A list of NCBI/Entrez gene ids:

2
21
10257
8038
...

A list of UniProt ids:

O00139
O00186
O00187
O00204
O00217
...

Tab-delimited expression data:

#Probeset 10h_control 10h 14h 18h 24h
200000_s_at 9.381569 9.710802 9.874874 9.934639 9.495911
200002_at 12.555275 12.511045 12.564419 12.538642 12.439174
200003_s_at 12.401259 12.054083 12.275169 12.206342 12.015476
...

For more information about input data, see http://wiki.reactome.org/index.php/Usersguide#Gene_list_Dataset

 

Recipe Details

1. Drag your gene list file onto the Reactome OR click the icon and select Launch on File, then select your gene list file

You will be sent to the Reactome website.

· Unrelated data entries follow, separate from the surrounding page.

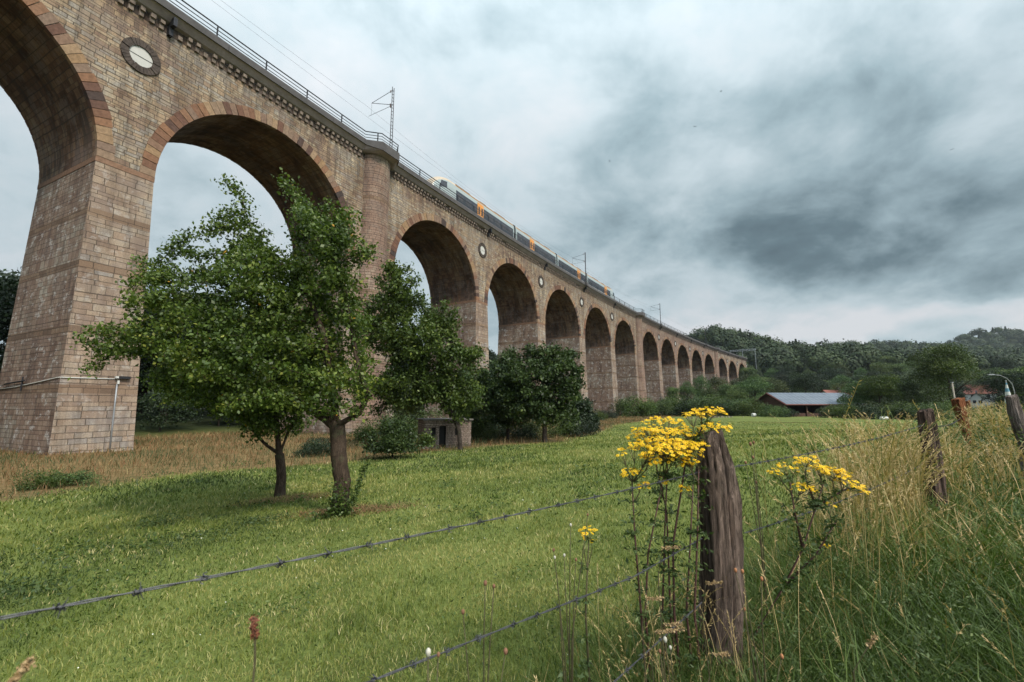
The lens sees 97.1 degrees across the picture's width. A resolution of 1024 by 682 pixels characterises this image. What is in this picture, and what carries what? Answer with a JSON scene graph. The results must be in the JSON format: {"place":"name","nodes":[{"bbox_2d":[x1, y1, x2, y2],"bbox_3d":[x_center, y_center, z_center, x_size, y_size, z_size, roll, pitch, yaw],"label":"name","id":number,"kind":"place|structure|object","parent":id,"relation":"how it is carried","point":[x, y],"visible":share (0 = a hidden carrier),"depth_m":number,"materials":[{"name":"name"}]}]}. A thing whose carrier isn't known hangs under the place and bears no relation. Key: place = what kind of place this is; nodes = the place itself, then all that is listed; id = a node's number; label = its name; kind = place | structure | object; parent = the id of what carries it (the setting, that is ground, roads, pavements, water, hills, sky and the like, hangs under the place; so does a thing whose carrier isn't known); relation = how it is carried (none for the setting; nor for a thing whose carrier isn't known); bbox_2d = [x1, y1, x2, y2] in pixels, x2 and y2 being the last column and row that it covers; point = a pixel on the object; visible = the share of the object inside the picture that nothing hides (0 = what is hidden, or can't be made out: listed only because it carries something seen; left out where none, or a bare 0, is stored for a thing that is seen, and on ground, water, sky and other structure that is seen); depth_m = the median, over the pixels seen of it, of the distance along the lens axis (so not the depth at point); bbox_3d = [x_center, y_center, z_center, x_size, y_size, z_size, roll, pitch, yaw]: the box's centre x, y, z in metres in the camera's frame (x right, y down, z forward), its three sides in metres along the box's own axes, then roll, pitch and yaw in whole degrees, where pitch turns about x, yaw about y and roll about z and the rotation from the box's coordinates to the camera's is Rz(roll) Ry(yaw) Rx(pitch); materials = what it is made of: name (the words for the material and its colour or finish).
{"place":"outdoors","nodes":[
{"label":"outdoors","id":0,"kind":"place"},
{"bbox_2d":[0,472,699,619],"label":"barbed wire","id":1,"kind":"object","parent":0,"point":[141,589],"visible":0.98,"depth_m":1.01,"materials":[{"name":"grey metal"}]},
{"bbox_2d":[0,337,1023,681],"bbox_3d":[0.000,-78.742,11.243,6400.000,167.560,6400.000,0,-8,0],"label":"ground","id":2,"kind":"structure","parent":0,"point":[192,425],"depth_m":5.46,"materials":[{"name":"green plant"}]},
{"bbox_2d":[0,269,19,371],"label":"woodland tree","id":3,"kind":"object","parent":2,"relation":"on","point":[6,286],"visible":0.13,"depth_m":41.73,"materials":[{"name":"green plant"}]},
{"bbox_2d":[0,266,21,372],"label":"woodland tree","id":4,"kind":"object","parent":2,"relation":"on","point":[6,332],"visible":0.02,"depth_m":44.21,"materials":[{"name":"green plant"}]},
{"bbox_2d":[7,654,36,681],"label":"grass ear","id":5,"kind":"object","parent":2,"relation":"on","point":[25,665],"depth_m":0.68,"materials":[{"name":"plant"}]},
{"bbox_2d":[8,467,72,492],"bbox_3d":[-15.996,4.688,15.268,1.989,0.882,1.655,-5,-10,32],"label":"bramble","id":6,"kind":"object","parent":2,"relation":"on","point":[42,479],"visible":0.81,"depth_m":15.13,"materials":[{"name":"green plant"}]},
{"bbox_2d":[0,560,146,606],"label":"weeds","id":7,"kind":"object","parent":2,"relation":"on","point":[6,590],"visible":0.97,"depth_m":5.25,"materials":[{"name":"green plant"}]},
{"bbox_2d":[47,468,103,485],"bbox_3d":[-15.172,4.813,15.891,1.593,0.770,1.525,0,-8,0],"label":"bramble","id":8,"kind":"object","parent":2,"relation":"on","point":[84,479],"visible":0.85,"depth_m":15.72,"materials":[{"name":"green plant"}]},
{"bbox_2d":[0,530,208,569],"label":"weeds","id":9,"kind":"object","parent":2,"relation":"on","point":[86,547],"visible":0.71,"depth_m":7.12,"materials":[{"name":"green plant"}]},
{"bbox_2d":[136,301,187,414],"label":"woodland tree","id":10,"kind":"object","parent":2,"relation":"on","point":[140,392],"visible":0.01,"depth_m":51.69,"materials":[{"name":"green plant"}]},
{"bbox_2d":[127,508,209,529],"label":"weeds","id":11,"kind":"object","parent":2,"relation":"on","point":[156,522],"visible":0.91,"depth_m":9.36,"materials":[{"name":"green plant"}]},
{"bbox_2d":[135,390,202,430],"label":"woodland shrub","id":12,"kind":"object","parent":2,"relation":"on","point":[160,418],"visible":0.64,"depth_m":41.64,"materials":[{"name":"green plant"}]},
{"bbox_2d":[138,311,200,422],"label":"woodland tree","id":13,"kind":"object","parent":2,"relation":"on","point":[143,365],"visible":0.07,"depth_m":47.12,"materials":[{"name":"green plant"}]},
{"bbox_2d":[50,517,309,555],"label":"weeds","id":14,"kind":"object","parent":2,"relation":"on","point":[210,535],"visible":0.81,"depth_m":7.55,"materials":[{"name":"green plant"}]},
{"bbox_2d":[68,167,388,514],"bbox_3d":[-5.790,0.030,9.624,6.118,7.644,3.580,-4,-9,23],"label":"plum tree","id":15,"kind":"object","parent":2,"relation":"on","point":[243,346],"visible":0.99,"depth_m":9.17,"materials":[{"name":"green plant"}]},
{"bbox_2d":[153,299,330,496],"bbox_3d":[-7.229,1.511,12.416,4.542,5.988,3.216,-3,-9,20],"label":"plum tree","id":16,"kind":"object","parent":2,"relation":"on","point":[255,420],"visible":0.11,"depth_m":11.99,"materials":[{"name":"green plant"}]},
{"bbox_2d":[247,614,259,681],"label":"dock spike","id":17,"kind":"object","parent":2,"relation":"on","point":[254,630],"visible":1,"depth_m":0.88,"materials":[{"name":"brown plant"}]},
{"bbox_2d":[217,511,305,529],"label":"weeds","id":18,"kind":"object","parent":2,"relation":"on","point":[261,519],"visible":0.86,"depth_m":8.73,"materials":[{"name":"green plant"}]},
{"bbox_2d":[218,492,363,507],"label":"mown grass","id":19,"kind":"structure","parent":2,"relation":"on","point":[285,497],"depth_m":11.36,"materials":[{"name":"green plant"}]},
{"bbox_2d":[286,437,329,457],"bbox_3d":[-10.901,5.998,25.479,2.583,1.223,3.355,0,-8,-3],"label":"bramble","id":20,"kind":"object","parent":2,"relation":"on","point":[312,446],"visible":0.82,"depth_m":24.94,"materials":[{"name":"green plant"}]},
{"bbox_2d":[312,454,370,518],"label":"ivy shoots","id":21,"kind":"object","parent":2,"relation":"on","point":[341,510],"visible":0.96,"depth_m":8.66,"materials":[{"name":"green plant"}]},
{"bbox_2d":[281,499,428,521],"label":"mown grass","id":22,"kind":"structure","parent":2,"relation":"on","point":[380,508],"depth_m":9.16,"materials":[{"name":"green plant"}]},
{"bbox_2d":[0,410,725,500],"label":"dry grass","id":23,"kind":"structure","parent":2,"relation":"on","point":[604,423],"depth_m":25.07,"materials":[{"name":"beige plant"}]},
{"bbox_2d":[346,417,383,441],"bbox_3d":[-10.976,6.971,35.445,3.585,2.205,4.310,-6,-10,38],"label":"bush","id":24,"kind":"object","parent":2,"relation":"on","point":[362,431],"visible":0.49,"depth_m":34.82,"materials":[{"name":"green plant"}]},
{"bbox_2d":[0,0,747,454],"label":"railway viaduct","id":25,"kind":"object","parent":2,"relation":"on","point":[110,98],"visible":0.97,"depth_m":31.66,"materials":[{"name":"stone"}]},
{"bbox_2d":[169,0,731,351],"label":"parapet railing","id":26,"kind":"object","parent":25,"relation":"on","point":[307,97],"visible":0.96,"depth_m":45.90,"materials":[{"name":"metal"}]},
{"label":"railway track","id":27,"kind":"object","parent":25,"relation":"on","visible":0},
{"bbox_2d":[427,176,613,298],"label":"passenger train","id":28,"kind":"object","parent":27,"relation":"on","point":[467,197],"visible":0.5,"depth_m":77.70,"materials":[{"name":"paint"}]},
{"bbox_2d":[355,414,430,458],"bbox_3d":[-6.027,4.889,22.460,2.950,2.532,3.254,-7,-11,41],"label":"bush","id":29,"kind":"object","parent":2,"relation":"on","point":[394,436],"visible":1,"depth_m":22.13,"materials":[{"name":"green plant"}]},
{"bbox_2d":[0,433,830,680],"bbox_3d":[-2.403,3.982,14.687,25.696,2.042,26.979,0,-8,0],"label":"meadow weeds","id":30,"kind":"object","parent":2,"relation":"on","point":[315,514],"visible":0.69,"depth_m":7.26,"materials":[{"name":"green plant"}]},
{"bbox_2d":[384,380,446,422],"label":"broadleaf tree","id":31,"kind":"object","parent":2,"relation":"on","point":[425,414],"visible":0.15,"depth_m":44.06,"materials":[{"name":"green plant"}]},
{"bbox_2d":[348,258,489,449],"bbox_3d":[-6.097,0.879,28.634,9.503,12.386,5.622,0,-8,0],"label":"orchard tree","id":32,"kind":"object","parent":2,"relation":"on","point":[405,342],"visible":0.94,"depth_m":27.85,"materials":[{"name":"green plant"}]},
{"bbox_2d":[416,428,436,446],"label":"bush","id":33,"kind":"object","parent":2,"relation":"on","point":[428,438],"visible":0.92,"depth_m":26.25,"materials":[{"name":"green plant"}]},
{"bbox_2d":[416,418,473,448],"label":"shed","id":34,"kind":"structure","parent":2,"relation":"on","point":[443,431],"depth_m":29.42,"materials":[{"name":"concrete"}]},
{"bbox_2d":[0,430,904,681],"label":"clover","id":35,"kind":"object","parent":2,"relation":"on","point":[187,645],"depth_m":4.96,"materials":[{"name":"green plant"}]},
{"bbox_2d":[471,420,493,441],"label":"bush","id":36,"kind":"object","parent":2,"relation":"on","point":[476,432],"visible":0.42,"depth_m":34.05,"materials":[{"name":"green plant"}]},
{"bbox_2d":[461,580,507,681],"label":"seed head plant","id":37,"kind":"object","parent":2,"relation":"on","point":[505,650],"visible":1,"depth_m":1.39,"materials":[{"name":"green plant"}]},
{"bbox_2d":[474,423,504,440],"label":"bush","id":38,"kind":"object","parent":2,"relation":"on","point":[496,433],"visible":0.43,"depth_m":35.06,"materials":[{"name":"green plant"}]},
{"bbox_2d":[463,348,530,441],"bbox_3d":[-1.026,4.112,33.834,6.198,7.353,4.935,0,-8,0],"label":"cherry tree","id":39,"kind":"object","parent":2,"relation":"on","point":[485,379],"visible":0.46,"depth_m":32.97,"materials":[{"name":"green plant"}]},
{"bbox_2d":[498,422,539,439],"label":"bush","id":40,"kind":"object","parent":2,"relation":"on","point":[514,432],"visible":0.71,"depth_m":35.11,"materials":[{"name":"green plant"}]},
{"bbox_2d":[518,419,552,438],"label":"bush","id":41,"kind":"object","parent":2,"relation":"on","point":[531,423],"visible":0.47,"depth_m":36.05,"materials":[{"name":"green plant"}]},
{"bbox_2d":[494,340,588,441],"bbox_3d":[2.057,3.597,31.810,6.609,7.634,5.554,0,-8,0],"label":"cherry tree","id":42,"kind":"object","parent":2,"relation":"on","point":[542,404],"visible":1,"depth_m":30.95,"materials":[{"name":"green plant"}]},
{"bbox_2d":[547,419,581,437],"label":"bush","id":43,"kind":"object","parent":2,"relation":"on","point":[559,430],"visible":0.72,"depth_m":36.65,"materials":[{"name":"green plant"}]},
{"bbox_2d":[552,513,588,681],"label":"seed head plant","id":44,"kind":"object","parent":2,"relation":"on","point":[561,674],"visible":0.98,"depth_m":1.94,"materials":[{"name":"green plant"}]},
{"bbox_2d":[557,415,602,436],"bbox_3d":[5.654,7.121,37.559,3.443,2.039,4.473,2,-8,-15],"label":"bush","id":45,"kind":"object","parent":2,"relation":"on","point":[582,425],"visible":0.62,"depth_m":36.74,"materials":[{"name":"green plant"}]},
{"bbox_2d":[570,525,597,681],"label":"ragwort plant","id":46,"kind":"object","parent":2,"relation":"on","point":[588,661],"visible":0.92,"depth_m":2.14,"materials":[{"name":"green plant"}]},
{"bbox_2d":[569,394,602,431],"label":"bush","id":47,"kind":"object","parent":2,"relation":"on","point":[584,407],"visible":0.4,"depth_m":40.94,"materials":[{"name":"green plant"}]},
{"bbox_2d":[608,393,640,415],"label":"bush","id":48,"kind":"object","parent":2,"relation":"on","point":[619,404],"visible":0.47,"depth_m":115.25,"materials":[{"name":"green plant"}]},
{"bbox_2d":[619,395,661,416],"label":"bush","id":49,"kind":"object","parent":2,"relation":"on","point":[646,407],"visible":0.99,"depth_m":109.16,"materials":[{"name":"green plant"}]},
{"bbox_2d":[642,595,663,681],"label":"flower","id":50,"kind":"object","parent":2,"relation":"on","point":[653,598],"depth_m":1.67,"materials":[{"name":"plant"}]},
{"bbox_2d":[649,397,680,415],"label":"bush","id":51,"kind":"object","parent":2,"relation":"on","point":[662,407],"visible":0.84,"depth_m":114.36,"materials":[{"name":"green plant"}]},
{"bbox_2d":[658,545,680,674],"bbox_3d":[0.657,1.293,1.837,0.103,0.886,0.020,0,-8,0],"label":"grass ear","id":52,"kind":"object","parent":2,"relation":"on","point":[671,547],"depth_m":1.88,"materials":[{"name":"plant"}]},
{"bbox_2d":[616,406,732,681],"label":"ragwort plant","id":53,"kind":"object","parent":2,"relation":"on","point":[658,449],"visible":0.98,"depth_m":2.19,"materials":[{"name":"yellow plant"}]},
{"bbox_2d":[677,380,696,400],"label":"broadleaf tree","id":54,"kind":"object","parent":2,"relation":"on","point":[689,389],"visible":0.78,"depth_m":138.48,"materials":[{"name":"green plant"}]},
{"bbox_2d":[666,394,708,415],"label":"bush","id":55,"kind":"object","parent":2,"relation":"on","point":[681,408],"visible":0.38,"depth_m":115.08,"materials":[{"name":"green plant"}]},
{"bbox_2d":[691,375,714,398],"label":"broadleaf tree","id":56,"kind":"object","parent":2,"relation":"on","point":[700,382],"visible":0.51,"depth_m":148.95,"materials":[{"name":"green plant"}]},
{"bbox_2d":[683,392,726,415],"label":"bush","id":57,"kind":"object","parent":2,"relation":"on","point":[698,401],"visible":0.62,"depth_m":111.57,"materials":[{"name":"green plant"}]},
{"bbox_2d":[705,376,728,399],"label":"broadleaf tree","id":58,"kind":"object","parent":2,"relation":"on","point":[715,382],"visible":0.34,"depth_m":163.29,"materials":[{"name":"green plant"}]},
{"bbox_2d":[698,394,739,415],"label":"bush","id":59,"kind":"object","parent":2,"relation":"on","point":[719,403],"visible":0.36,"depth_m":109.87,"materials":[{"name":"green plant"}]},
{"bbox_2d":[705,398,747,415],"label":"bush","id":60,"kind":"object","parent":2,"relation":"on","point":[724,409],"visible":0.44,"depth_m":104.96,"materials":[{"name":"green plant"}]},
{"bbox_2d":[716,383,738,400],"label":"broadleaf tree","id":61,"kind":"object","parent":2,"relation":"on","point":[725,387],"visible":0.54,"depth_m":148.35,"materials":[{"name":"green plant"}]},
{"bbox_2d":[725,386,751,405],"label":"broadleaf tree","id":62,"kind":"object","parent":2,"relation":"on","point":[735,391],"visible":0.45,"depth_m":138.76,"materials":[{"name":"green plant"}]},
{"bbox_2d":[721,395,762,415],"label":"bush","id":63,"kind":"object","parent":2,"relation":"on","point":[739,402],"visible":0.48,"depth_m":102.51,"materials":[{"name":"green plant"}]},
{"bbox_2d":[729,396,769,415],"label":"bush","id":64,"kind":"object","parent":2,"relation":"on","point":[755,408],"visible":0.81,"depth_m":98.76,"materials":[{"name":"green plant"}]},
{"bbox_2d":[739,366,759,379],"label":"broadleaf tree","id":65,"kind":"object","parent":2,"relation":"on","point":[748,371],"visible":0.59,"depth_m":258.08,"materials":[{"name":"green plant"}]},
{"bbox_2d":[733,376,774,400],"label":"broadleaf tree","id":66,"kind":"object","parent":2,"relation":"on","point":[751,386],"visible":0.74,"depth_m":144.05,"materials":[{"name":"green plant"}]},
{"bbox_2d":[734,568,783,681],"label":"seed head plant","id":67,"kind":"object","parent":2,"relation":"on","point":[744,609],"visible":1,"depth_m":1.75,"materials":[{"name":"green plant"}]},
{"bbox_2d":[744,441,778,617],"bbox_3d":[1.569,1.244,2.848,0.144,1.200,0.143,-3,-9,20],"label":"seed head plant","id":68,"kind":"object","parent":2,"relation":"on","point":[759,520],"visible":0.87,"depth_m":2.86,"materials":[{"name":"green plant"}]},
{"bbox_2d":[754,379,782,398],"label":"broadleaf tree","id":69,"kind":"object","parent":2,"relation":"on","point":[775,383],"visible":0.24,"depth_m":155.60,"materials":[{"name":"green plant"}]},
{"bbox_2d":[757,402,791,416],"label":"hedge bush","id":70,"kind":"object","parent":2,"relation":"on","point":[776,410],"visible":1,"depth_m":88.66,"materials":[{"name":"green plant"}]},
{"bbox_2d":[534,380,1023,681],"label":"straw grass","id":71,"kind":"structure","parent":2,"relation":"on","point":[900,455],"depth_m":4.36,"materials":[{"name":"plant"}]},
{"bbox_2d":[743,455,870,663],"bbox_3d":[1.571,1.214,2.413,0.751,1.184,0.196,0,-8,0],"label":"ragwort plant","id":72,"kind":"object","parent":2,"relation":"on","point":[815,504],"visible":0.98,"depth_m":2.44,"materials":[{"name":"yellow plant"}]},
{"bbox_2d":[788,371,826,392],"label":"broadleaf tree","id":73,"kind":"object","parent":2,"relation":"on","point":[802,381],"visible":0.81,"depth_m":142.28,"materials":[{"name":"green plant"}]},
{"bbox_2d":[753,393,868,416],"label":"open barn","id":74,"kind":"structure","parent":2,"relation":"on","point":[804,404],"depth_m":97.04,"materials":[{"name":"grey metal"}]},
{"bbox_2d":[817,367,844,385],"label":"broadleaf tree","id":75,"kind":"object","parent":2,"relation":"on","point":[830,374],"visible":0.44,"depth_m":235.41,"materials":[{"name":"green plant"}]},
{"bbox_2d":[820,400,873,418],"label":"hedge bush","id":76,"kind":"object","parent":2,"relation":"on","point":[838,409],"visible":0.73,"depth_m":78.66,"materials":[{"name":"green plant"}]},
{"bbox_2d":[685,323,1023,376],"bbox_3d":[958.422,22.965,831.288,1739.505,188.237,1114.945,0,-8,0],"label":"forest","id":77,"kind":"object","parent":2,"relation":"on","point":[775,353],"visible":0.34,"depth_m":320.47,"materials":[{"name":"green plant"}]},
{"bbox_2d":[837,380,882,408],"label":"broadleaf tree","id":78,"kind":"object","parent":2,"relation":"on","point":[858,399],"visible":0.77,"depth_m":90.47,"materials":[{"name":"green plant"}]},
{"bbox_2d":[840,403,894,418],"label":"hedge bush","id":79,"kind":"object","parent":2,"relation":"on","point":[868,411],"visible":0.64,"depth_m":76.19,"materials":[{"name":"green plant"}]},
{"bbox_2d":[856,373,906,407],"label":"broadleaf tree","id":80,"kind":"object","parent":2,"relation":"on","point":[879,385],"visible":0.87,"depth_m":86.41,"materials":[{"name":"green plant"}]},
{"bbox_2d":[867,361,895,374],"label":"broadleaf tree","id":81,"kind":"object","parent":2,"relation":"on","point":[878,365],"visible":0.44,"depth_m":258.54,"materials":[{"name":"green plant"}]},
{"bbox_2d":[873,401,922,418],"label":"hedge bush","id":82,"kind":"object","parent":2,"relation":"on","point":[892,408],"visible":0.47,"depth_m":75.11,"materials":[{"name":"green plant"}]},
{"bbox_2d":[882,375,928,406],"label":"broadleaf tree","id":83,"kind":"object","parent":2,"relation":"on","point":[905,387],"visible":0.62,"depth_m":87.84,"materials":[{"name":"green plant"}]},
{"bbox_2d":[891,368,943,405],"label":"broadleaf tree","id":84,"kind":"object","parent":2,"relation":"on","point":[905,374],"visible":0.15,"depth_m":95.02,"materials":[{"name":"green plant"}]},
{"bbox_2d":[903,398,955,419],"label":"hedge bush","id":85,"kind":"object","parent":2,"relation":"on","point":[915,410],"visible":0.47,"depth_m":68.70,"materials":[{"name":"green plant"}]},
{"bbox_2d":[917,408,947,513],"bbox_3d":[4.694,1.461,5.043,0.203,1.409,0.160,0,-8,0],"label":"fence post","id":86,"kind":"object","parent":2,"relation":"on","point":[924,415],"visible":0.49,"depth_m":5.03,"materials":[{"name":"brown wood"}]},
{"bbox_2d":[905,341,985,407],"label":"broadleaf tree","id":87,"kind":"object","parent":2,"relation":"on","point":[943,363],"visible":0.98,"depth_m":82.74,"materials":[{"name":"green plant"}]},
{"bbox_2d":[934,375,972,399],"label":"broadleaf tree","id":88,"kind":"object","parent":2,"relation":"on","point":[964,388],"visible":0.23,"depth_m":163.15,"materials":[{"name":"green plant"}]},
{"bbox_2d":[951,397,972,450],"bbox_3d":[9.417,1.872,9.428,0.274,1.379,0.187,0,-8,0],"label":"fence post","id":89,"kind":"object","parent":2,"relation":"on","point":[960,402],"visible":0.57,"depth_m":9.43,"materials":[{"name":"red wood"}]},
{"bbox_2d":[963,384,996,405],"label":"house","id":90,"kind":"structure","parent":2,"relation":"on","point":[970,394],"depth_m":178.10,"materials":[{"name":"white tile"}]},
{"bbox_2d":[975,370,1022,408],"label":"broadleaf tree","id":91,"kind":"object","parent":2,"relation":"on","point":[983,383],"visible":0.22,"depth_m":130.75,"materials":[{"name":"green plant"}]},
{"bbox_2d":[979,370,1023,410],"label":"broadleaf tree","id":92,"kind":"object","parent":2,"relation":"on","point":[997,382],"visible":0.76,"depth_m":74.94,"materials":[{"name":"green plant"}]},
{"bbox_2d":[987,366,1023,403],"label":"broadleaf tree","id":93,"kind":"object","parent":2,"relation":"on","point":[1018,393],"visible":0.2,"depth_m":81.01,"materials":[{"name":"green plant"}]},
{"bbox_2d":[992,357,1019,370],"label":"broadleaf tree","id":94,"kind":"object","parent":2,"relation":"on","point":[1005,365],"visible":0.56,"depth_m":265.63,"materials":[{"name":"green plant"}]},
{"bbox_2d":[1005,394,1023,476],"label":"fence post","id":95,"kind":"object","parent":2,"relation":"on","point":[1014,409],"visible":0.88,"depth_m":6.47,"materials":[{"name":"grey wood"}]},
{"bbox_2d":[0,0,1023,357],"label":"sky","id":96,"kind":"structure","parent":0,"point":[823,192],"materials":[{"name":"grey"}]},
{"bbox_2d":[429,404,1023,681],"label":"verge grass","id":97,"kind":"structure","parent":0,"point":[997,662],"depth_m":2.70,"materials":[{"name":"green plant"}]},
{"bbox_2d":[695,430,744,680],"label":"fence post","id":98,"kind":"object","parent":97,"relation":"on","point":[722,521],"visible":0.71,"depth_m":2.31,"materials":[{"name":"brown wood"}]},
{"bbox_2d":[367,538,701,681],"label":"barbed wire","id":99,"kind":"object","parent":98,"relation":"attached to","point":[446,651],"visible":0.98,"depth_m":1.33,"materials":[{"name":"grey metal"}]},
{"bbox_2d":[610,602,701,681],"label":"barbed wire","id":100,"kind":"object","parent":98,"relation":"attached to","point":[642,656],"visible":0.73,"depth_m":1.89,"materials":[{"name":"grey metal"}]},
{"bbox_2d":[734,424,923,467],"bbox_3d":[2.788,0.803,3.668,4.349,0.154,0.028,6,-10,-36],"label":"barbed wire","id":101,"kind":"object","parent":98,"relation":"attached to","point":[808,453],"visible":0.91,"depth_m":3.21,"materials":[{"name":"grey metal"}]},
{"bbox_2d":[744,462,925,532],"bbox_3d":[2.876,1.187,3.673,4.107,0.106,0.028,6,-10,-37],"label":"barbed wire","id":102,"kind":"object","parent":98,"relation":"attached to","point":[808,512],"visible":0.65,"depth_m":3.10,"materials":[{"name":"grey metal"}]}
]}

2. When the analysis is complete, click on one of the top-level pathways, at the left hand side of the screen.

This will take you to the Reactome pathway browser.

3. Navigate the pathway hierarchy by clicking on the  symbol on the left side of the pathway labels.

The pathway diagrams are colorized according to the number of enriched proteins.

4. Once you have selected your pathway, click the  icon and select Save Diagram to GenomeSpace.

A window will pop up with a GenomeSpace dialog.

5. Select a location to save the file to in your GenomeSpace data store.  Click Submit to save the file, then Close.

 6. Return to the GenomeSpace website.  Your pathway diagram file should now be there, after refreshing the page.